O mesmo microrganismo — Bacillus subtilis, por exemplo — pode ser vendido como biofungicida em uma linha de produtos, como bioestimulante em outra e como promotor de crescimento em uma terceira. O mesmo organismo, três categorias, três apelos de venda.
Isso não é necessariamente errado — Bacillus subtilis realmente exerce todas essas funções dependendo da cepa e das condições de uso. O problema está em comunicar isso sem clareza técnica, criando expectativas incompatíveis com a função primária do produto.
O técnico que não domina os grupos absorve essa confusão e a leva para a recomendação. O resultado são indicações desalinhadas com o problema real, avaliações incorretas de resultado e, eventualmente, frustração que contaminam a percepção sobre biológicos como categoria.
Como não cair nessa armadilha:
- Classifique o produto pelo mecanismo de ação principal, não pelo nome comercial
- Exija identificação de espécie e cepa — produto com “spp.” genérico sem mais informação não oferece transparência técnica
- Defina o problema antes de escolher o produto — qual patógeno, qual praga, qual nematoide, qual estresse
- Avalie resultado pelo critério correto para cada grupo — tempo, métrica e parâmetro de sucesso são diferentes entre grupos
- Exija dados de eficácia em ensaios conduzidos em condições brasileiras — resultados de outros países e outros biomas podem não se traduzir para a sua realidade
10. Conclusão
O mercado de biológicos chegou para ficar — e vai crescer ainda mais nos próximos anos, impulsionado por regulação, demanda de mercado e avanços na pesquisa agronômica. O técnico que domina os grupos, os mecanismos e as condições de uso de cada categoria tem uma vantagem competitiva real no mercado.
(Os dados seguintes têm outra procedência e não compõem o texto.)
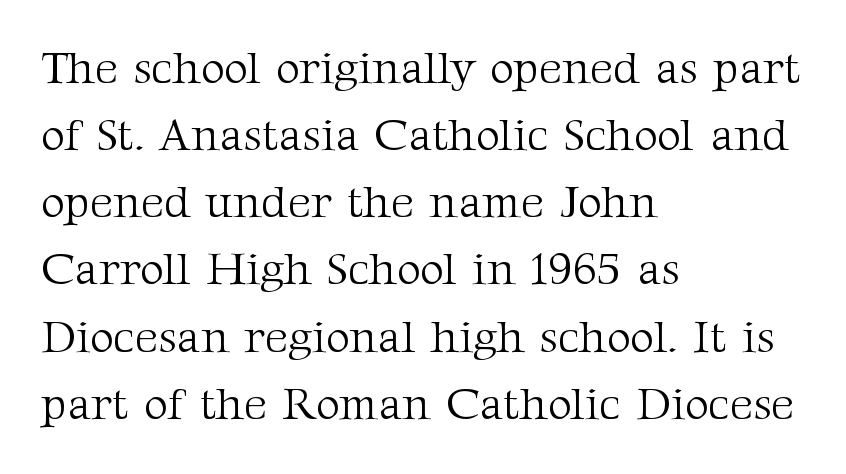
Q: Is the text bold? A: No.
Q: Is the text italic (slanted)? A: No, it is upright.
Q: Is the typeface a serif or a sans-serif typeface? A: Serif.
Q: Is the text underlined? A: No.
Q: How is the paragraph aligned? A: Left-aligned.
Q: Is the spacing between letters normal or unusually wide? A: Normal.
Q: Is the spacing between lines tight, normal or loose? A: Normal.
Q: Width (condensed, normal, or wide)? A: Normal.
Q: Stroke contrast? A: Medium.
Q: x-height? A: Medium.
Q: Monospaced? A: No.

Os cinco grupos revisados neste artigo em uma frase cada:
- Inoculante → contrata o microrganismo que trabalha pela planta
- Bioestimulante → ativa o que a planta já tem capacidade de fazer
- Biofungicida → suprime o fungo patogênico por múltiplos mecanismos
- Bionematicida → reduz a população de nematoides ao longo das safras
- Bioinseticida → elimina o inseto-praga por infecção, toxina ou colonização
Cinco grupos. Cinco objetivos. Cinco critérios de avaliação.
O técnico que sabe disso não recomenda biológico — ele recomenda a ferramenta certa para o problema certo, no momento certo.